→ **Supplied information**
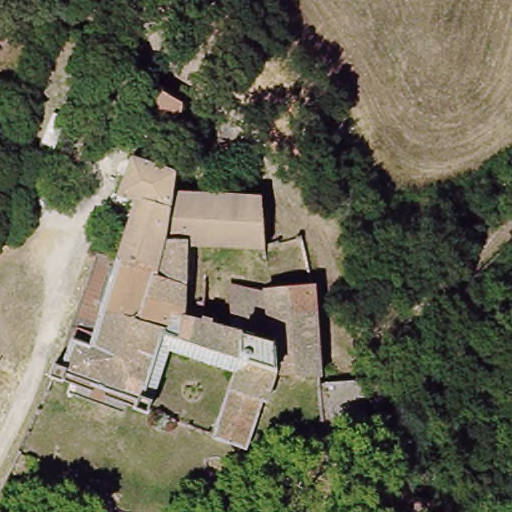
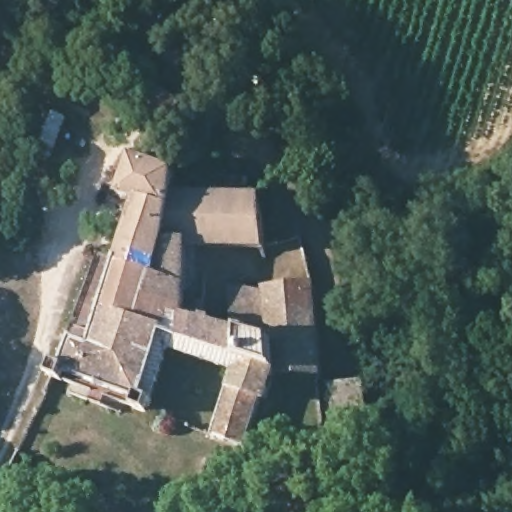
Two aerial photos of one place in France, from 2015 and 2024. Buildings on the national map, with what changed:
unchanged [(159,86),(182,100),(179,123),(151,108),(159,86)]
unchanged [(186,236),(163,237),(156,270),(118,256),(138,197),(118,191),(133,154),(174,169),(172,179),(171,189),(261,194),(263,244),(216,241),(186,240),(186,236)]
unchanged [(163,237),(186,236),(186,240),(184,300),(202,301),(201,312),(213,314),(212,318),(237,325),(272,335),(266,287),(314,282),(319,339),(321,369),(274,368),(265,398),(261,397),(245,443),(215,433),(225,402),(236,368),(169,346),(148,408),(118,396),(53,372),(51,371),(55,359),(59,361),(98,249),(118,256),(156,270),(163,237)]
unchanged [(231,281),(266,287),(272,335),(237,325),(231,281)]
unchanged [(370,440),(329,443),(321,385),(363,382),(365,404),(370,440)]

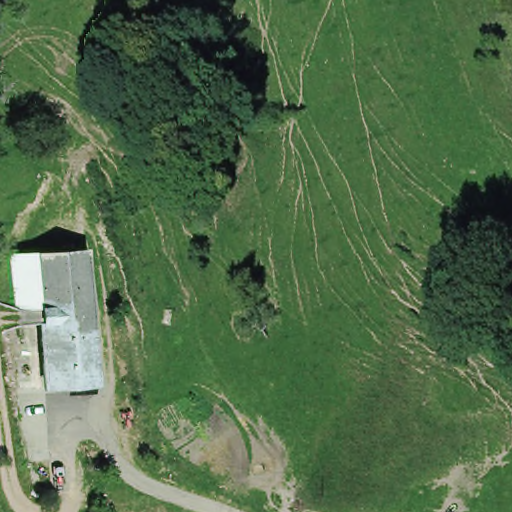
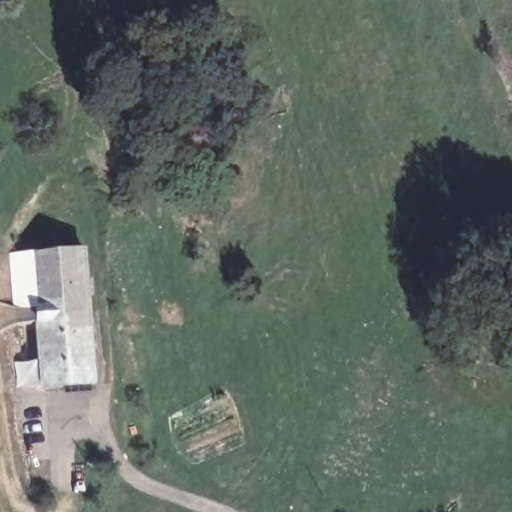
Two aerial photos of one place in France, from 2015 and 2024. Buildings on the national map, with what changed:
unchanged [(42,321),(35,251),(84,247),(97,379),(48,384),(42,321)]
unchanged [(19,323),(13,254),(35,251),(42,321),(19,323)]

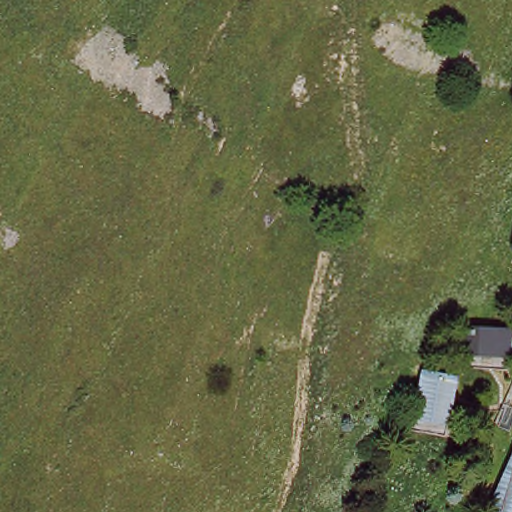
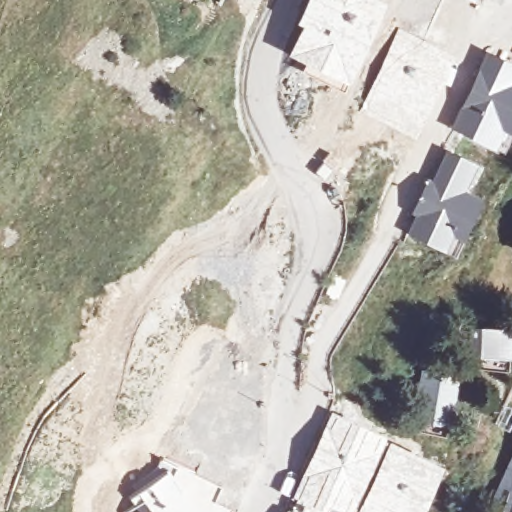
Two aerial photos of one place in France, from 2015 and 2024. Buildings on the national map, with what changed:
new [(295,22),(305,0),(385,0),(342,87),(301,69),(304,63),(287,54),(300,24),(295,22)]
new [(397,26),(452,52),(441,81),(414,135),(359,108),(397,26)]
new [(485,50),(512,63),(512,82),(512,83),(512,84),(512,124),(508,133),(497,149),(450,126),(485,50)]
new [(455,256),(402,230),(430,175),(454,188),(457,183),(484,195),(455,256)]
unchanged [(510,233),(512,228),(512,234),(510,233)]
unchanged [(505,323),(502,352),(462,348),(465,319),(505,323)]
unchanged [(450,379),(444,421),(413,416),(418,375),(450,379)]
new [(286,472),(297,477),(329,408),(386,431),(384,437),(352,512),(330,512),(290,496),(279,491),(286,472)]
new [(384,437),(442,465),(419,512),(352,512),(384,437)]
unchanged [(512,439),(512,512),(500,512),(483,506),(512,439)]
new [(135,506),(129,499),(158,474),(155,470),(163,458),(220,486),(214,500),(232,509),(231,512),(127,512),(135,506)]
new [(290,496),(330,512),(283,512),(290,496)]

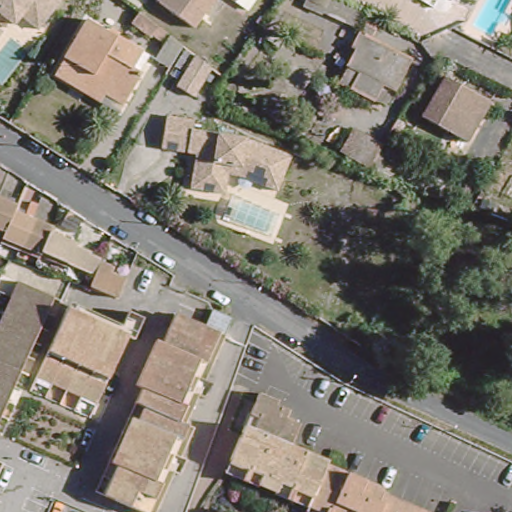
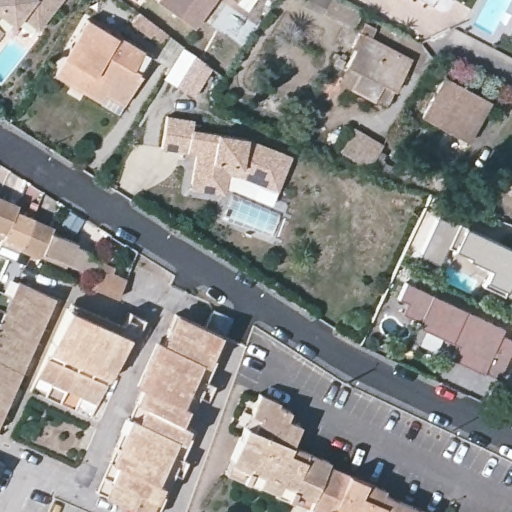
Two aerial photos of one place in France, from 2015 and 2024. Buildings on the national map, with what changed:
unchanged [(57,0),(40,24),(22,10),(15,19),(1,8),(0,9),(0,0),(57,0)]
unchanged [(162,0),(219,0),(199,26),(162,0)]
unchanged [(240,0),(240,1),(239,0),(240,0)]
unchanged [(321,15),(302,6),(305,0),(323,9),(322,11),(321,15)]
unchanged [(354,25),(322,11),(329,1),(359,14),(354,25)]
unchanged [(79,83),(60,71),(89,17),(146,49),(153,53),(145,69),(126,101),(123,106),(105,97),(79,83)]
unchanged [(5,26),(0,32),(0,23),(5,26)]
unchanged [(351,89),(358,73),(346,66),(354,49),(351,47),(358,33),(360,34),(365,26),(376,31),(372,40),(399,54),(410,59),(403,71),(395,90),(393,90),(387,104),(375,99),(351,89)]
unchanged [(215,66),(196,96),(176,83),(197,55),(215,66)]
unchanged [(442,121),(430,114),(445,86),(485,109),(475,126),(469,136),(442,121)]
unchanged [(187,174),(192,149),(184,147),(158,141),(165,110),(191,116),(189,126),(242,137),(287,156),(272,190),(257,184),(233,174),(222,172),(220,181),(220,186),(186,179),(187,174)]
unchanged [(397,134),(391,130),(396,121),(403,125),(397,134)]
unchanged [(366,166),(335,151),(351,126),(380,143),(378,147),(384,151),(382,157),(395,165),(390,176),(366,166)]
demolished [(493,187),(512,159),(512,193),(510,198),(493,187)]
unchanged [(92,277),(98,264),(73,253),(8,224),(6,228),(0,226),(0,189),(20,197),(17,203),(53,219),(53,224),(80,236),(78,242),(92,248),(90,254),(101,258),(102,254),(117,259),(115,266),(129,272),(122,288),(92,277)]
new [(512,249),(512,296),(506,293),(484,282),(490,269),(447,249),(440,266),(418,256),(437,215),(464,227),(512,249)]
new [(458,345),(417,325),(419,321),(401,313),(406,302),(401,300),(409,283),(502,328),(500,335),(512,340),(512,348),(498,379),(451,361),(458,345)]
unchanged [(33,348),(27,361),(20,377),(13,392),(6,407),(0,422),(0,326),(5,317),(11,302),(17,287),(52,303),(46,318),(40,333),(33,348)]
unchanged [(102,394),(86,387),(72,380),(57,374),(41,367),(72,300),(131,326),(102,394)]
unchanged [(115,442),(122,428),(129,412),(135,398),(141,383),(135,380),(155,336),(162,338),(175,309),(204,322),(212,306),(232,313),(212,361),(205,375),(213,379),(206,395),(196,391),(185,420),(193,424),(186,438),(180,453),(186,455),(180,470),(174,468),(166,464),(160,478),(167,482),(155,512),(105,490),(96,487),(110,457),(115,442)]
new [(512,377),(512,393),(506,390),(512,377)]
unchanged [(307,508),(307,504),(290,497),(242,476),(226,468),(231,457),(245,422),(250,411),(259,389),(277,397),(276,401),(289,406),(286,414),(298,420),(290,440),(327,457),(326,459),(384,484),(383,488),(427,508),(426,512),(318,512),(307,508)]

→ **Aim of the task**
The copy must match each record exactly, apart from the images, which stay out.

→ **Answer to this exercise**
Two aerial photos of one place in France, from 2015 and 2024. Buildings on the national map, with what changed:
unchanged [(159,86),(182,100),(179,123),(151,108),(159,86)]
unchanged [(186,236),(163,237),(156,270),(118,256),(138,197),(118,191),(133,154),(174,169),(172,179),(171,189),(261,194),(263,244),(216,241),(186,240),(186,236)]
unchanged [(163,237),(186,236),(186,240),(184,300),(202,301),(201,312),(213,314),(212,318),(237,325),(272,335),(266,287),(314,282),(319,339),(321,369),(274,368),(265,398),(261,397),(245,443),(215,433),(225,402),(236,368),(169,346),(148,408),(118,396),(53,372),(51,371),(55,359),(59,361),(98,249),(118,256),(156,270),(163,237)]
unchanged [(231,281),(266,287),(272,335),(237,325),(231,281)]
unchanged [(370,440),(329,443),(321,385),(363,382),(365,404),(370,440)]

Two aerial photos of one place in France, from 2015 and 2024. Buildings on the national map, with what changed:
unchanged [(42,321),(35,251),(84,247),(97,379),(48,384),(42,321)]
unchanged [(19,323),(13,254),(35,251),(42,321),(19,323)]

Two aerial photos of one place in France, from 2015 and 2024. Buildings on the national map, with what changed:
new [(295,22),(305,0),(385,0),(342,87),(301,69),(304,63),(287,54),(300,24),(295,22)]
new [(397,26),(452,52),(441,81),(414,135),(359,108),(397,26)]
new [(485,50),(512,63),(512,82),(512,83),(512,84),(512,124),(508,133),(497,149),(450,126),(485,50)]
new [(455,256),(402,230),(430,175),(454,188),(457,183),(484,195),(455,256)]
unchanged [(510,233),(512,228),(512,234),(510,233)]
unchanged [(505,323),(502,352),(462,348),(465,319),(505,323)]
unchanged [(450,379),(444,421),(413,416),(418,375),(450,379)]
new [(286,472),(297,477),(329,408),(386,431),(384,437),(352,512),(330,512),(290,496),(279,491),(286,472)]
new [(384,437),(442,465),(419,512),(352,512),(384,437)]
unchanged [(512,439),(512,512),(500,512),(483,506),(512,439)]
new [(135,506),(129,499),(158,474),(155,470),(163,458),(220,486),(214,500),(232,509),(231,512),(127,512),(135,506)]
new [(290,496),(330,512),(283,512),(290,496)]

Two aerial photos of one place in France, from 2015 and 2024. Buildings on the national map, with what changed:
unchanged [(57,0),(40,24),(22,10),(15,19),(1,8),(0,9),(0,0),(57,0)]
unchanged [(162,0),(219,0),(199,26),(162,0)]
unchanged [(240,0),(240,1),(239,0),(240,0)]
unchanged [(321,15),(302,6),(305,0),(323,9),(322,11),(321,15)]
unchanged [(354,25),(322,11),(329,1),(359,14),(354,25)]
unchanged [(79,83),(60,71),(89,17),(146,49),(153,53),(145,69),(126,101),(123,106),(105,97),(79,83)]
unchanged [(5,26),(0,32),(0,23),(5,26)]
unchanged [(351,89),(358,73),(346,66),(354,49),(351,47),(358,33),(360,34),(365,26),(376,31),(372,40),(399,54),(410,59),(403,71),(395,90),(393,90),(387,104),(375,99),(351,89)]
unchanged [(215,66),(196,96),(176,83),(197,55),(215,66)]
unchanged [(442,121),(430,114),(445,86),(485,109),(475,126),(469,136),(442,121)]
unchanged [(187,174),(192,149),(184,147),(158,141),(165,110),(191,116),(189,126),(242,137),(287,156),(272,190),(257,184),(233,174),(222,172),(220,181),(220,186),(186,179),(187,174)]
unchanged [(397,134),(391,130),(396,121),(403,125),(397,134)]
unchanged [(366,166),(335,151),(351,126),(380,143),(378,147),(384,151),(382,157),(395,165),(390,176),(366,166)]
demolished [(493,187),(512,159),(512,193),(510,198),(493,187)]
unchanged [(92,277),(98,264),(73,253),(8,224),(6,228),(0,226),(0,189),(20,197),(17,203),(53,219),(53,224),(80,236),(78,242),(92,248),(90,254),(101,258),(102,254),(117,259),(115,266),(129,272),(122,288),(92,277)]
new [(512,249),(512,296),(506,293),(484,282),(490,269),(447,249),(440,266),(418,256),(437,215),(464,227),(512,249)]
new [(458,345),(417,325),(419,321),(401,313),(406,302),(401,300),(409,283),(502,328),(500,335),(512,340),(512,348),(498,379),(451,361),(458,345)]
unchanged [(33,348),(27,361),(20,377),(13,392),(6,407),(0,422),(0,326),(5,317),(11,302),(17,287),(52,303),(46,318),(40,333),(33,348)]
unchanged [(102,394),(86,387),(72,380),(57,374),(41,367),(72,300),(131,326),(102,394)]
unchanged [(115,442),(122,428),(129,412),(135,398),(141,383),(135,380),(155,336),(162,338),(175,309),(204,322),(212,306),(232,313),(212,361),(205,375),(213,379),(206,395),(196,391),(185,420),(193,424),(186,438),(180,453),(186,455),(180,470),(174,468),(166,464),(160,478),(167,482),(155,512),(105,490),(96,487),(110,457),(115,442)]
new [(512,377),(512,393),(506,390),(512,377)]
unchanged [(307,508),(307,504),(290,497),(242,476),(226,468),(231,457),(245,422),(250,411),(259,389),(277,397),(276,401),(289,406),(286,414),(298,420),(290,440),(327,457),(326,459),(384,484),(383,488),(427,508),(426,512),(318,512),(307,508)]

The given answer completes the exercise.